> **TASK DIRECTIONS**
The answer must be every line of the records below that contains the word "what".

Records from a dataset
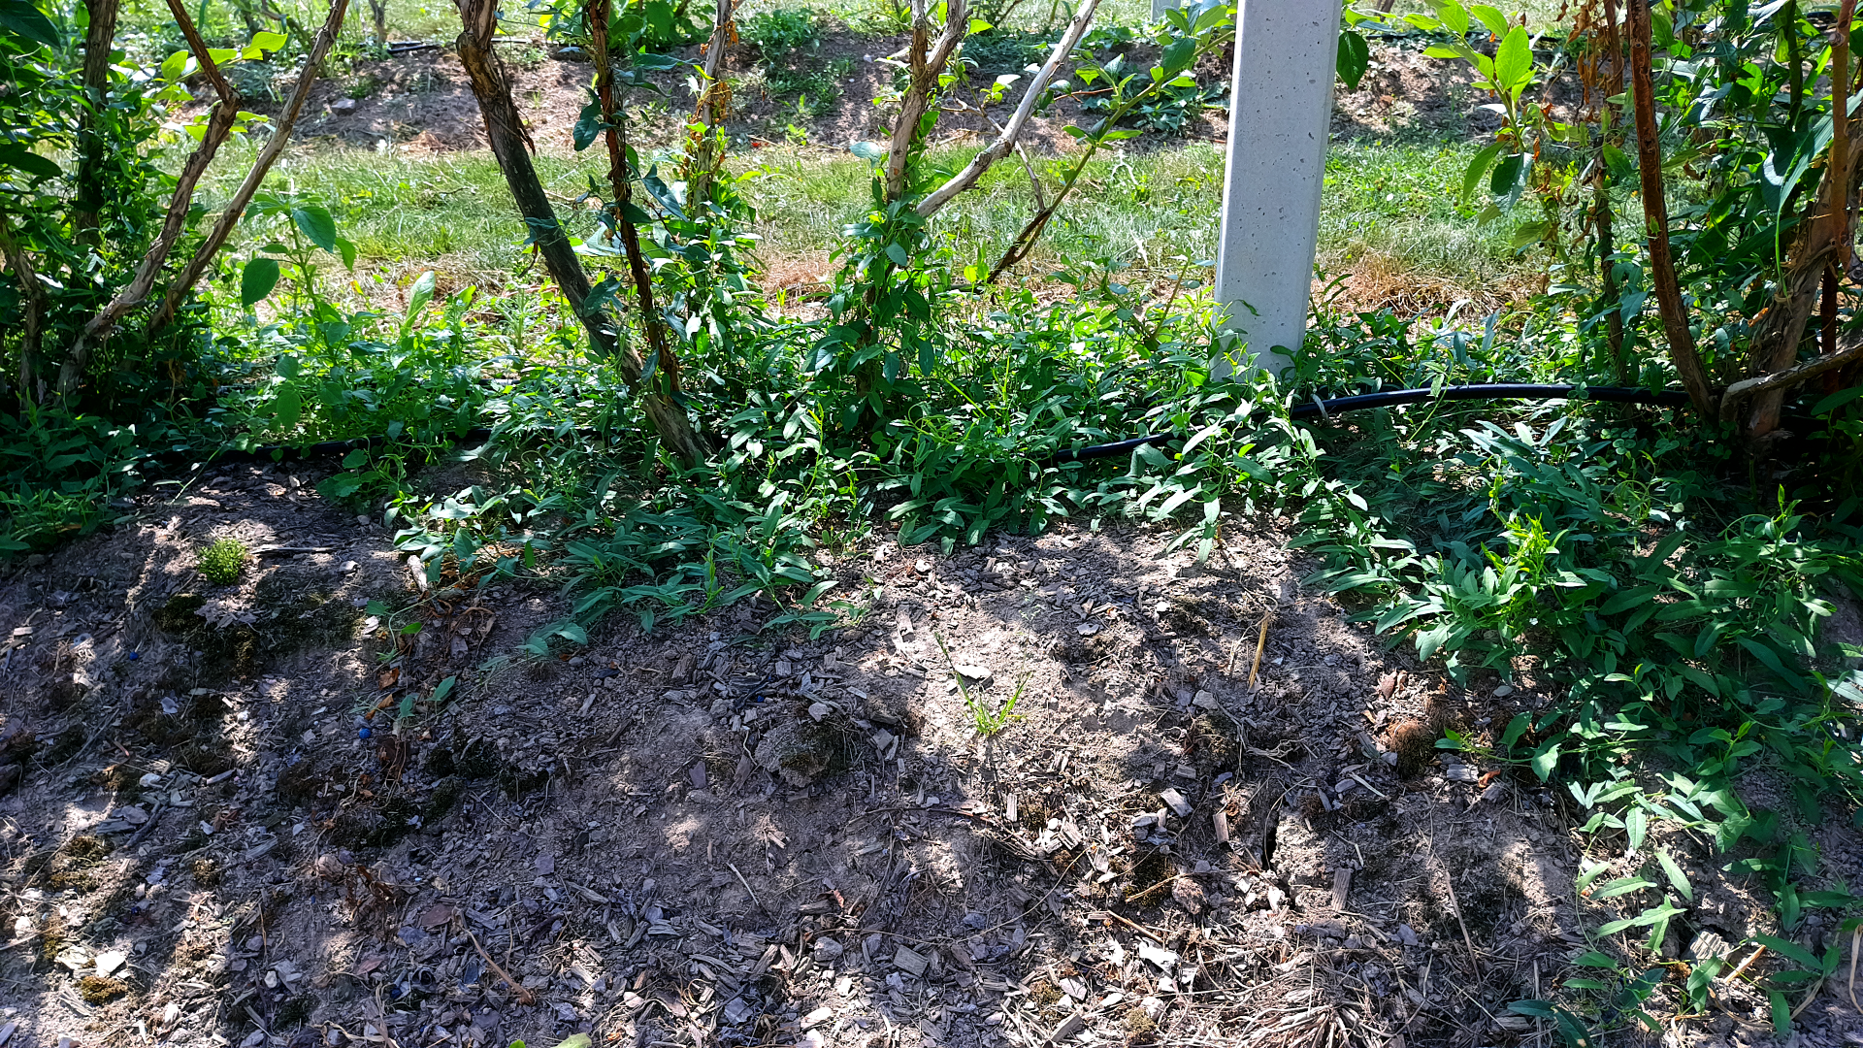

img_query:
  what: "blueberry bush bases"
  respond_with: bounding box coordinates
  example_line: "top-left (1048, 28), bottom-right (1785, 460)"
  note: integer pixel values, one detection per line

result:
top-left (0, 211), bottom-right (274, 516)
top-left (503, 210), bottom-right (943, 567)
top-left (1579, 208), bottom-right (1863, 579)
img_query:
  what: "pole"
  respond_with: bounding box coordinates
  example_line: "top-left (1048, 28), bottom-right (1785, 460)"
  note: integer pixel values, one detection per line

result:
top-left (1198, 29), bottom-right (1357, 384)
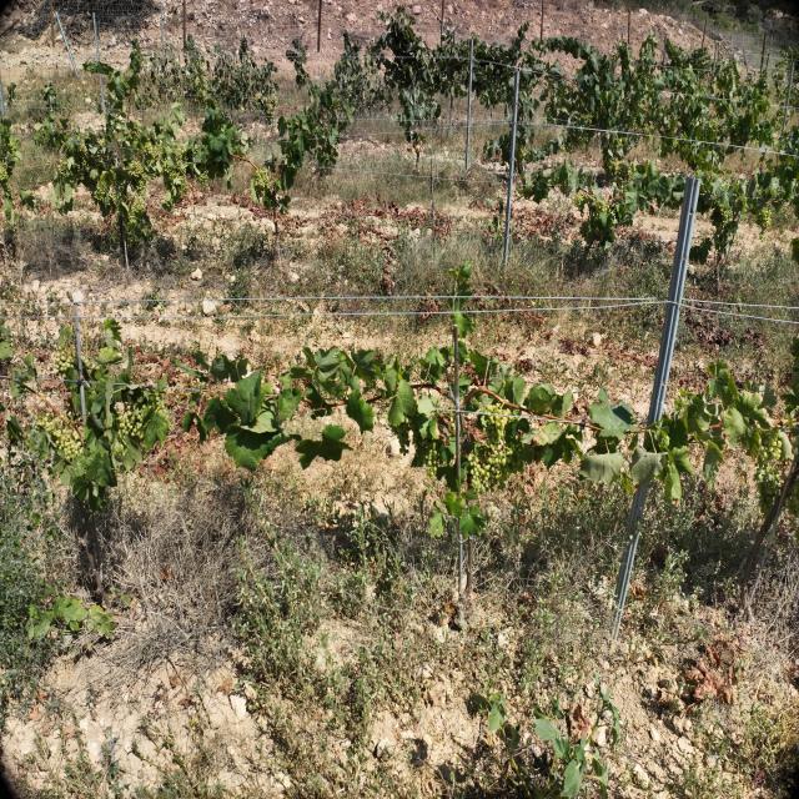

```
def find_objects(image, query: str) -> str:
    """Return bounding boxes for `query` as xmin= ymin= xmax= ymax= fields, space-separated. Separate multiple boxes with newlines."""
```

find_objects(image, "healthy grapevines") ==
xmin=675 ymin=341 xmax=799 ymax=631
xmin=171 ymin=322 xmax=689 ymax=653
xmin=0 ymin=310 xmax=172 ymax=612
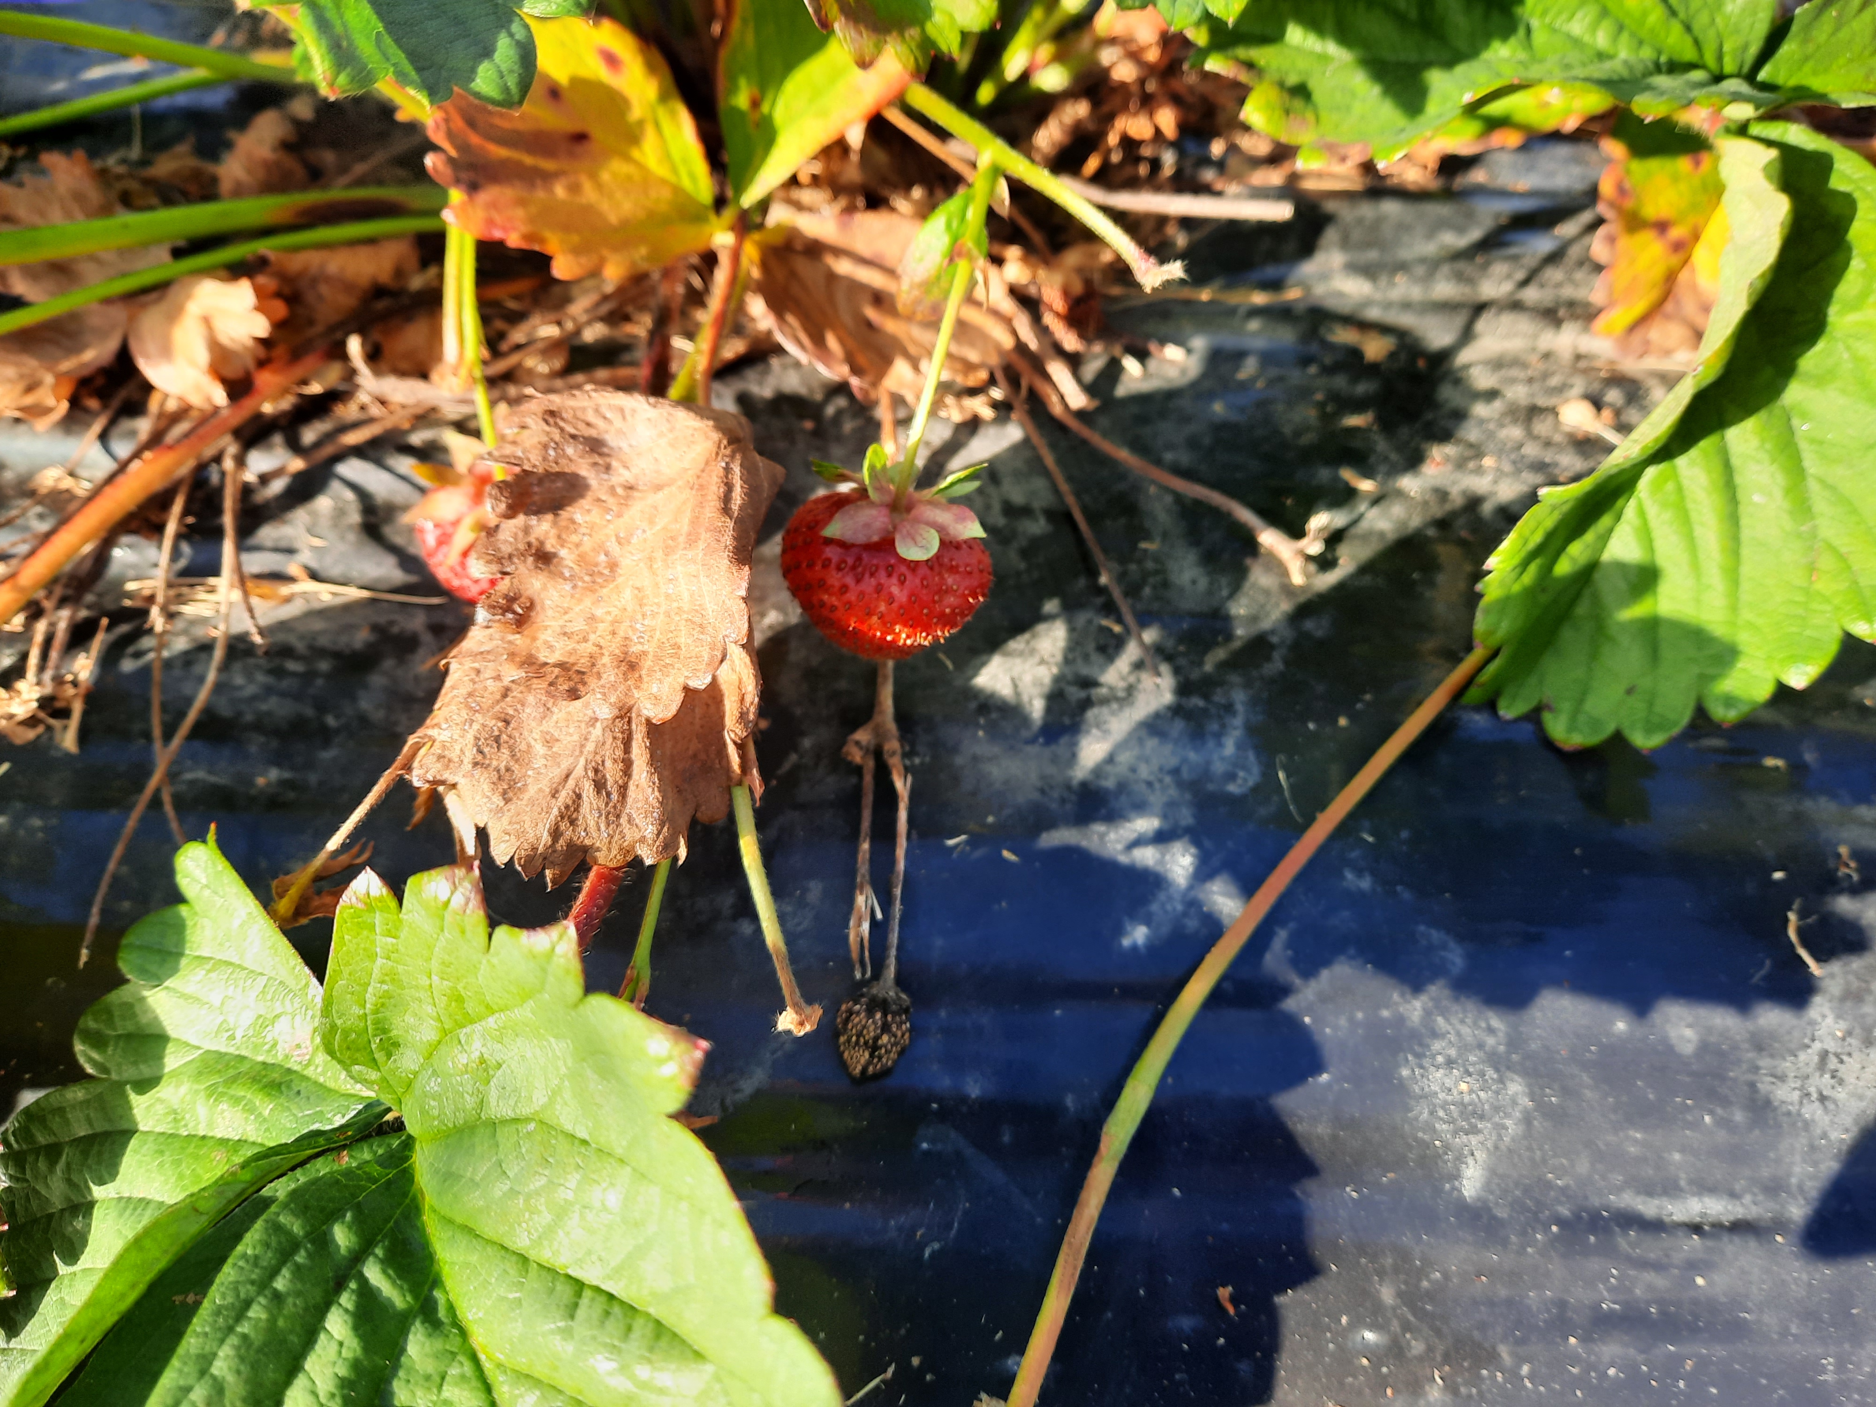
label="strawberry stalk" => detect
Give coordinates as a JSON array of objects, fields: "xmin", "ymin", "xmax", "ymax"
[{"xmin": 864, "ymin": 270, "xmax": 976, "ymax": 555}]
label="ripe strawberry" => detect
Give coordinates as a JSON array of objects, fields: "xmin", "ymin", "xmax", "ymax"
[{"xmin": 793, "ymin": 482, "xmax": 998, "ymax": 650}]
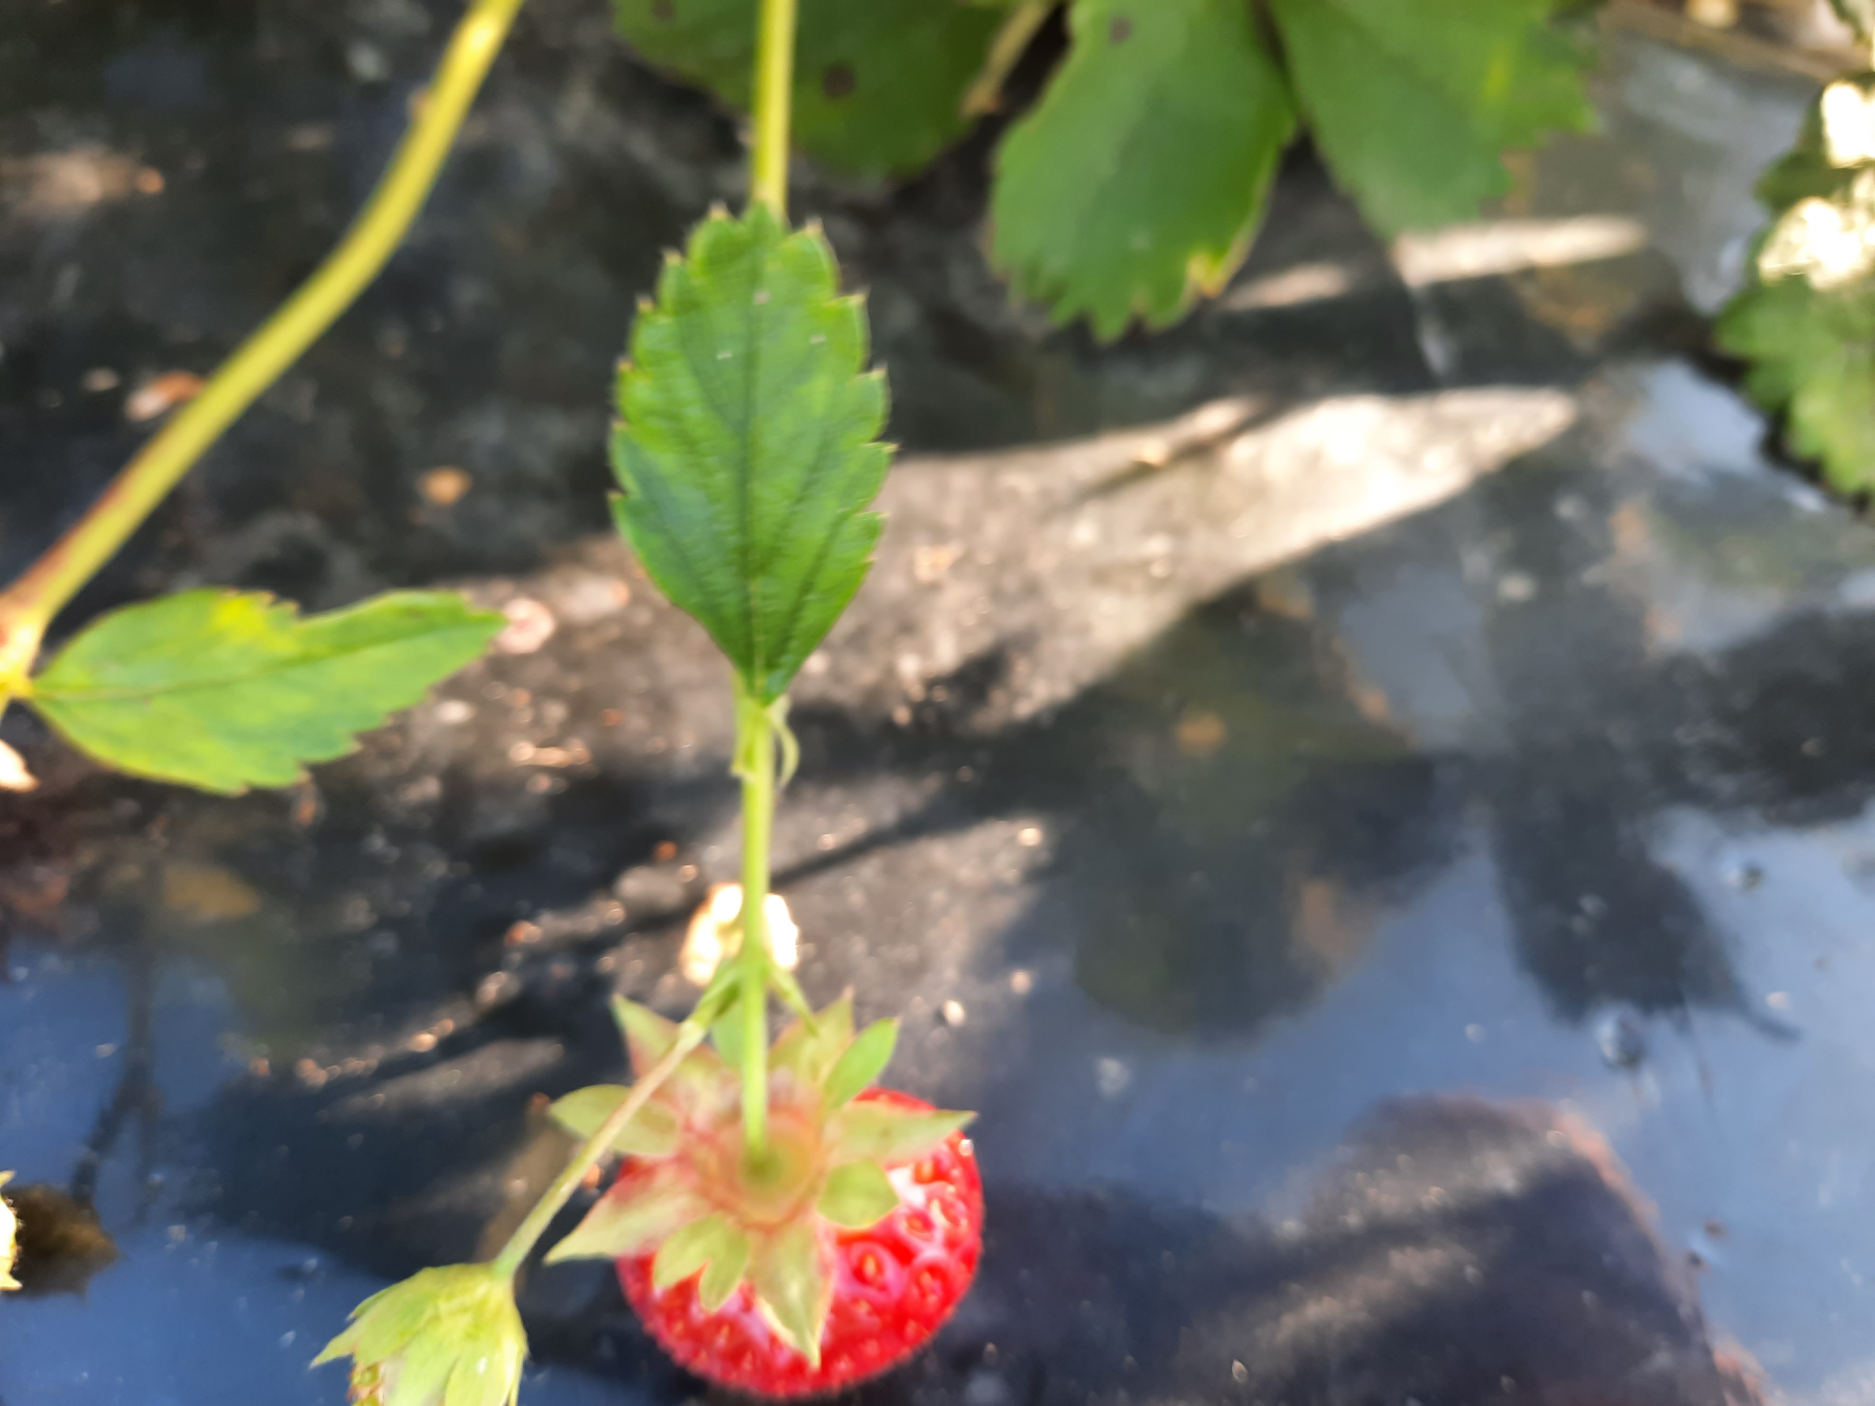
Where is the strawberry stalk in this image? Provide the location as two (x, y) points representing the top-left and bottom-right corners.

> **ANSWER**
  what: "blueberry bush bases"
  what: "pole"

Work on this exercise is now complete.